_Work to be completed_:
Every line of the data below that holds the string "image" needs to be reported.

_Task inputs_:

*** Begin section ***

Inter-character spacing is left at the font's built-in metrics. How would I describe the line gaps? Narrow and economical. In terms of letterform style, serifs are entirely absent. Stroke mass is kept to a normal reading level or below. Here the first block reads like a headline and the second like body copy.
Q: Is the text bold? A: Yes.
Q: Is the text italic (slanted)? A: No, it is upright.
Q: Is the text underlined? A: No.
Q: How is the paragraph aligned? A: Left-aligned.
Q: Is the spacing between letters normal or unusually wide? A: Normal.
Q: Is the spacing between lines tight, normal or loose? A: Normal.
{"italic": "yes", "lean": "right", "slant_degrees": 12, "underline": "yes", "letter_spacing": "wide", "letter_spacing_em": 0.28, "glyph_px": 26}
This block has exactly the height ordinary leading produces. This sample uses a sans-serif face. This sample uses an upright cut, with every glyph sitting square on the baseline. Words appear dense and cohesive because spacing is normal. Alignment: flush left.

*** End section ***
*** Begin section ***

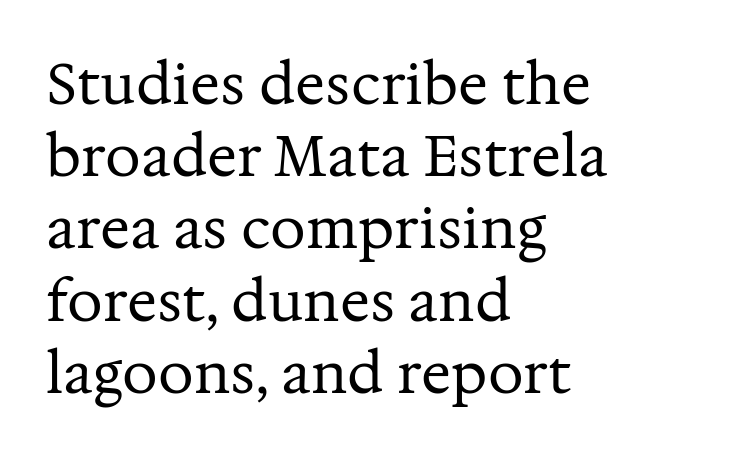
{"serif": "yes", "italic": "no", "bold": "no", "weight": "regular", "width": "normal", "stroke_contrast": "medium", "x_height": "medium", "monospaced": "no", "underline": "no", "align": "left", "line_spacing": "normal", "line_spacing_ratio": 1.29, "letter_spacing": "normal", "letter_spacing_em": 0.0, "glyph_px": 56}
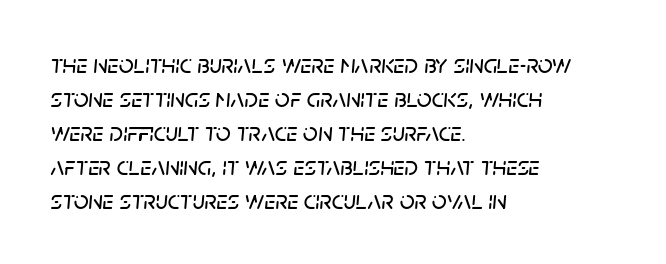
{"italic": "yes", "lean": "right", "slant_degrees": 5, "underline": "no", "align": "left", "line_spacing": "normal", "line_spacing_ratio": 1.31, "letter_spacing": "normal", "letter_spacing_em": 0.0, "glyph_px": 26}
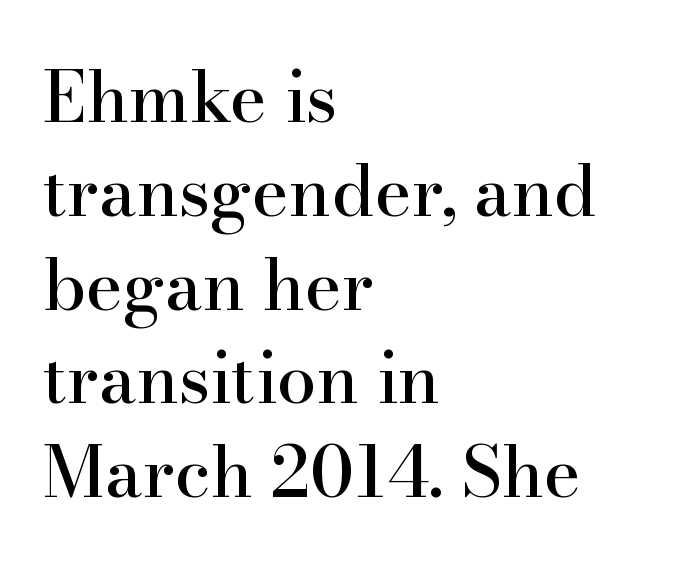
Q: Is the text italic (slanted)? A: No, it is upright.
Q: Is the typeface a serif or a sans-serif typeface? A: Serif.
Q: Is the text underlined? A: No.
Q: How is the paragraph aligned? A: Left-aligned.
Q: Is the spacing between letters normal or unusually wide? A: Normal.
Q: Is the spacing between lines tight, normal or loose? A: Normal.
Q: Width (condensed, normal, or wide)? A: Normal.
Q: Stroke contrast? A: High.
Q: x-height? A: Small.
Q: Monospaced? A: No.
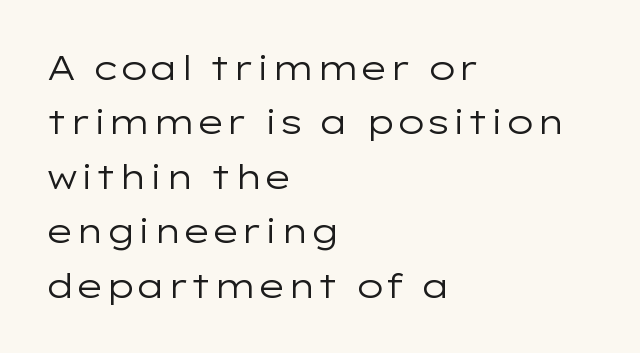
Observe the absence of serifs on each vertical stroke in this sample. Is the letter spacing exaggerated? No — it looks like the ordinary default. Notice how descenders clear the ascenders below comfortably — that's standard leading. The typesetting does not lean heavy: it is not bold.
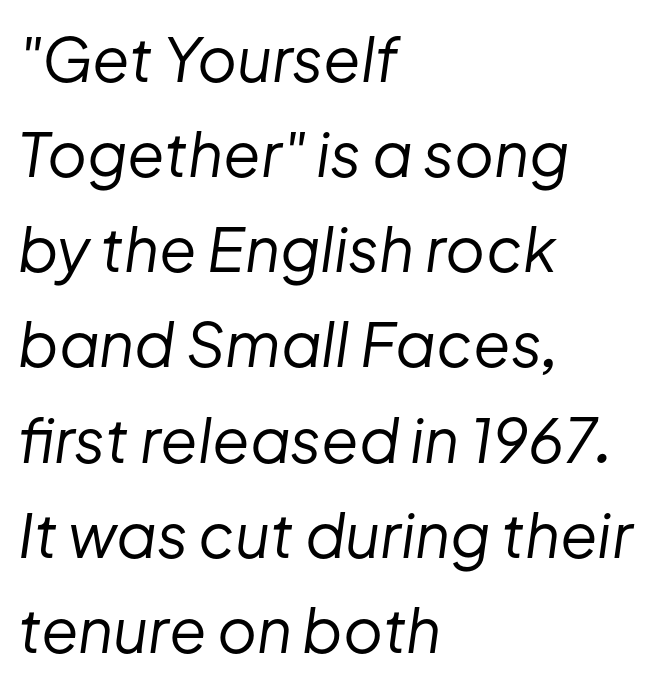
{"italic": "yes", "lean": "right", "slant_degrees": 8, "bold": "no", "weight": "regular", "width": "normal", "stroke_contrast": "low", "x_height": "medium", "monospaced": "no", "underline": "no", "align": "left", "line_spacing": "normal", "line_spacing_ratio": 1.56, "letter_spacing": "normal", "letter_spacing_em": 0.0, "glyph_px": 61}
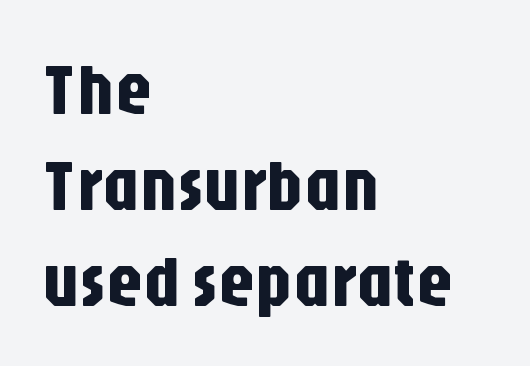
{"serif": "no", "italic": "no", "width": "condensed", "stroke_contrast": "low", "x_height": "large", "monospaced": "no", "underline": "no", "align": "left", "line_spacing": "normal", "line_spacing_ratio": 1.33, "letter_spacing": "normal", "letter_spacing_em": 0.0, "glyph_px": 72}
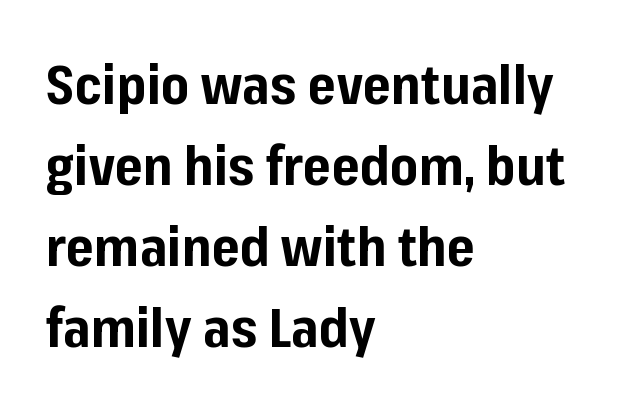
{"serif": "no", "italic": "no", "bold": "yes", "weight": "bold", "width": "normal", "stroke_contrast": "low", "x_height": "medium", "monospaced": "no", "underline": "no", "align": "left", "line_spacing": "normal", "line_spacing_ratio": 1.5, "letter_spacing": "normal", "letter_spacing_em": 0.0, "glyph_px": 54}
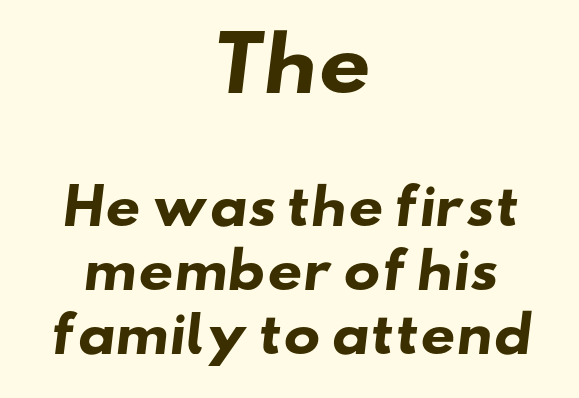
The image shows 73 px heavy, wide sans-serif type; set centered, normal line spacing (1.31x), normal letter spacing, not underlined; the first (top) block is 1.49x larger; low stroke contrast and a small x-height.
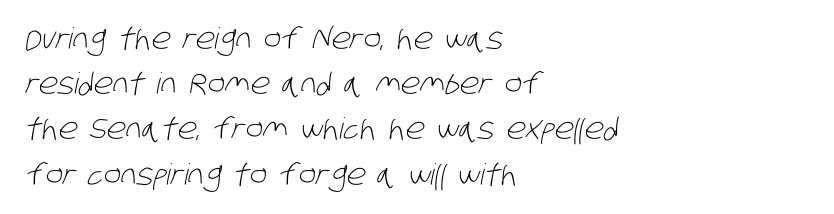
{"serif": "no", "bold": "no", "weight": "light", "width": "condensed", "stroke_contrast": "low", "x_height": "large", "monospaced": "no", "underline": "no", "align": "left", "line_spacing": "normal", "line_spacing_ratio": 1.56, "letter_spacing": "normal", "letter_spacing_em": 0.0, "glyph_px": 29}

*** End section ***
*** Begin section ***

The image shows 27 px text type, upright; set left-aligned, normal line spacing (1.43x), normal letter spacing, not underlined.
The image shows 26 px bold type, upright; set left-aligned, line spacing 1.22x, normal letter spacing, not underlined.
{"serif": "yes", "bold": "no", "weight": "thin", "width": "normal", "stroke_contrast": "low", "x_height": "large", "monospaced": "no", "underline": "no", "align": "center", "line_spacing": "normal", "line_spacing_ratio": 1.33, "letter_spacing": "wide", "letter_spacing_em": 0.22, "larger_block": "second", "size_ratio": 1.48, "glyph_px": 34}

*** End section ***

_Expected output_:
The image shows 73 px heavy, wide sans-serif type; set centered, normal line spacing (1.31x), normal letter spacing, not underlined; the first (top) block is 1.49x larger; low stroke contrast and a small x-height.
The image shows 27 px text type, upright; set left-aligned, normal line spacing (1.43x), normal letter spacing, not underlined.
The image shows 26 px bold type, upright; set left-aligned, line spacing 1.22x, normal letter spacing, not underlined.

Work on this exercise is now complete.